The sentry node architecture in the cloud begs for automated scaling. Unfortunately to add a new sentry node to the network, there are few challenges.
persistent_peerssettings in the configuration need to be updated and the service reloaded at least on the validator. This requires some kind of configuration management that is out of scope for
tendermintright now. (Look into Devops tooling)
- The new node will take a long time to sync if it has to start from scratch. It’s an interesting idea to save the blockchain state from other nodes at a regular basis (for example to S3 or by snapshotting an instance) and deploy that when a new node is added. The added complexity requires the scaling services like CloudFormation and AutoScaling to add extra logic for proper deployment.
The validator node doesn’t require a public Internet connection for its service but it still requires maintenance, security updates and monitoring. This can be achieved through a server hosted in the cloud, or a separate Internet connection in the data center (preferably with VPN connectivity). It is strongly recommended to hire/contract someone with operations experience for a secure setup.

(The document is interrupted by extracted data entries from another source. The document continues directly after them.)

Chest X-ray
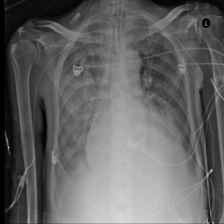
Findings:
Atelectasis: negative
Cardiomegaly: negative
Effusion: negative
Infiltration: positive
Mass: negative
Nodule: negative
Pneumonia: negative
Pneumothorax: negative
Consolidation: negative
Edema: negative
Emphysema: negative
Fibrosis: negative
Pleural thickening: negative
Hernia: negative

The sentry nodes require maintenance and security updates too. Since they have a public-facing interface, extra care need to be taken for proper maintenance. For example, we don’t want to end up with snapshots that contain malware, that was introduced on an instance earlier.

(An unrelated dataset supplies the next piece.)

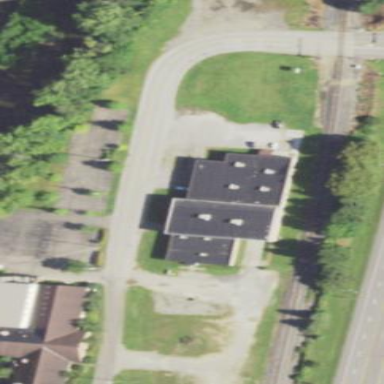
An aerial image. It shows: Building.

Why not all-in with the cloud?
Putting the validator in the cloud has technical difficulties. The KMS services provided by Amazon and Google are missing some of the algorithms Tendermint is using. Setting up a validator without KMS is a big security risk for production use.
The other issue is that VPC Peering is not available among different cloud providers. The alternative option is VPN over public Internet. Or the validator is locked into one cloud provider, which is also a risk.
Other attacks to resolve
The DDoS attack described here is not the only attack to be resolved for a validator node. For example the HTTP port open to the Internet is susceptible for man-in-the-middle attacks. Although this attack doesn’t impact the Cosmos Hub, it can impact the validator node. A malicious attacker can present an altered state of the network to the validator node and force it to behave incorrectly from the networks perspective - which can lead to slashing of the validator node’s tokens. The SNA does not target to resolve this, however it provides some coverage by making the man-in-the-middle attack harder, because of the multiple sentry nodes.
The above solution provides a way to hide the IP address of the validator node and provide a more easily scalable list of public IP addresses for DDoS mitigation. As mentioned before, this is one such proposed architecture and hopefully more will surface in the community with active discussion around them.